ここで最初に問題となるのが、「そもそも、従業員に副業をさせたくない」や「副業をした時点で懲戒処分にしたい」といった意見です。

まず勤務時間外となる夜間や土日祝などの休日に行われる副業は、使用者の支配が及ばない時間帯といった意味でも、副業などの行動制限ができないという考え方が基本となります。

そのため、副業をしていても全く本業に支障が生じない場合は、懲戒処分などにするのが非常に難しい実態があるのです。

病気休職中の内職は副業になる?

また過去の判例の中には、鬱病などの病気療養中に自宅で軽い内職を行なっていた従業員についても、会社への労務提供に格別の支障が生じず、企業秩序への影響もないという理由で、就業規則によって禁止されている二重就職にはあたらないという判断がくだされた事件もあるようです。

こうした形で会社にとって何のリスクや問題も起こらないレベルの副業を禁止するのは、労働基準法などの部分で考えても非常に難しいと捉えた方が良いでしょう。
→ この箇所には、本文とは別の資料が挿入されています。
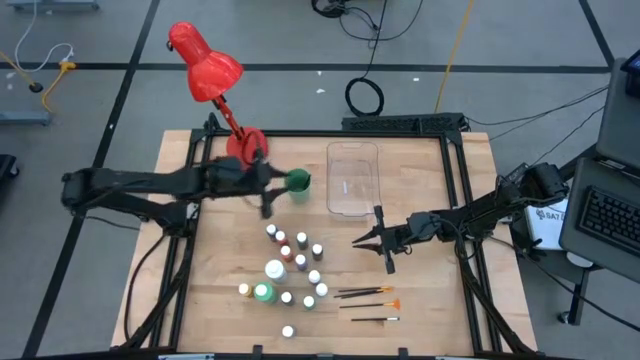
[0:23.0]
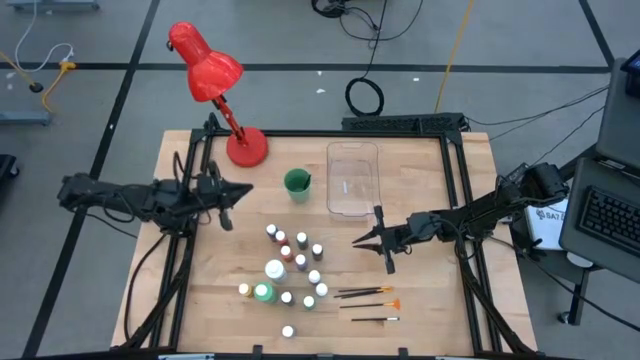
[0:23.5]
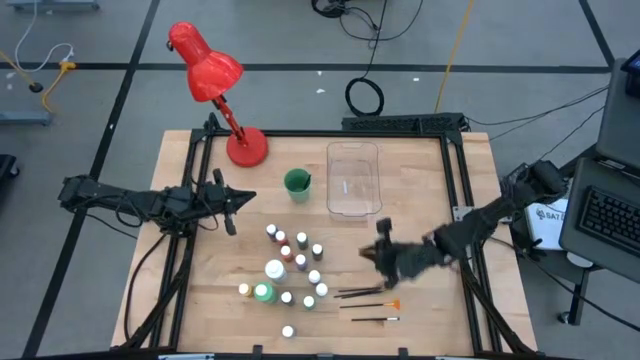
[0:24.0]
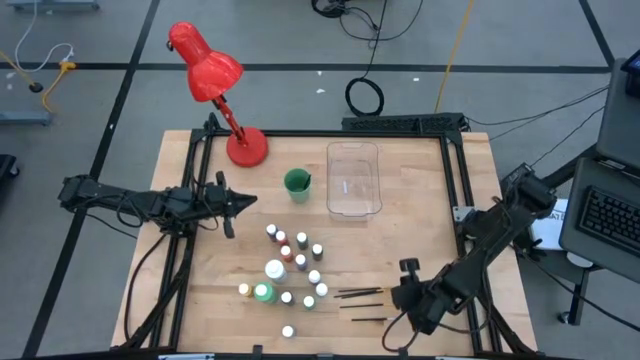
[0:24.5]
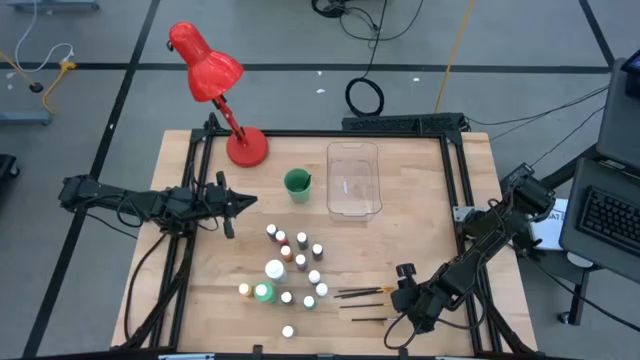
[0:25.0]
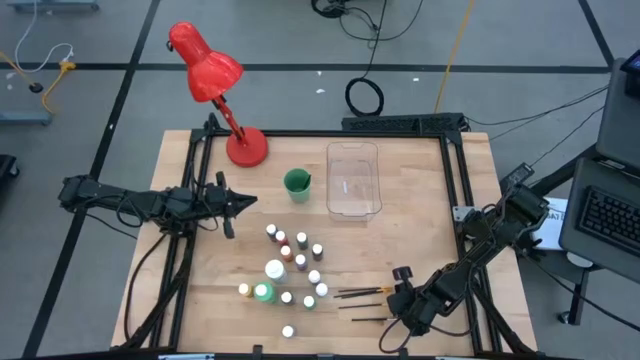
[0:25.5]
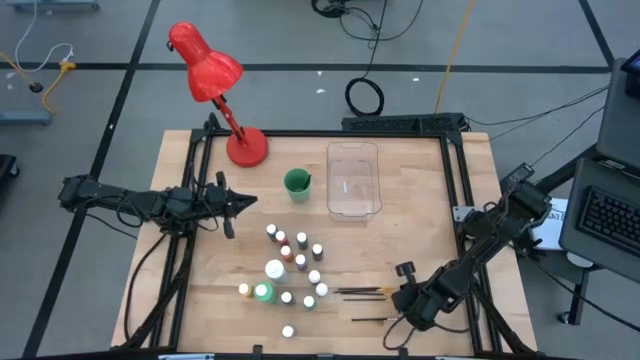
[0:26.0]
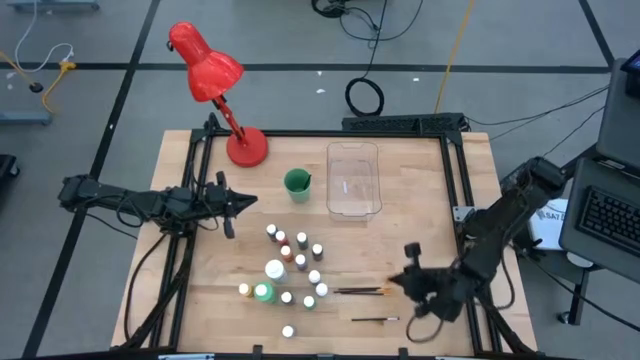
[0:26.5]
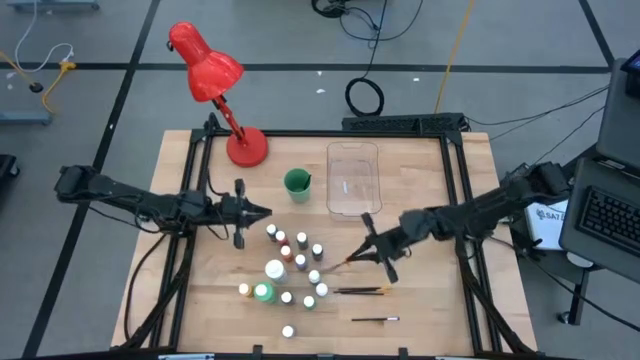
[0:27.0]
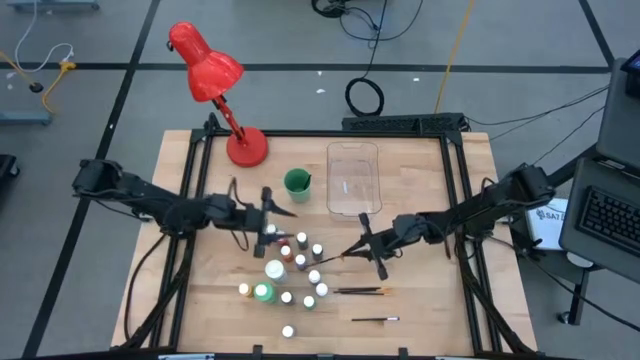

副業違反への対応や判断時に会社側が注意すべきこととは?

会社側の定めた副業に関する規則違反について判断する時には、「会社への労働提供に支障を生ぜしめないか?」と「職場秩序への影響はないか?」の2点について考える必要があります。

例えば過去の判例の中には、朝の8時45分~夕方の17時15分まで本業先で働いている女性が、退勤直後の18時~午前0時までにキャバレーで副業をしていたケースで、「誠実な労務提供に支障をきたす可能性が高い」という理由により懲戒解雇が有効になった事例もあります。

そのため、当該従業員が行なっている副業が軽労働であったとしても、勤務時間次第では懲戒処分ができるケースもあると捉えて良いでしょう。

従業員の副業を認めることで生じる企業のリスクに不安や疑問がある時には?

従業員の副業を許可する上でさまざまなハードルがある場合は、労働基準法に詳しい弁護士と相談をしながら、就業規則の内容や運用ルールを決めていくのも大変おすすめです。

労使間トラブルに強い弁護士は、副業を認めることで生じる会社側のリスクなどにも詳しい実態があります。

また副業を行なった従業員を一方的に懲戒処分にした場合、その内容を不服とする相手から訴訟などが起こされるリスクを考えると、会社側が行うべき対応についても弁護士と二人三脚で決めていくのが理想と言えそうです。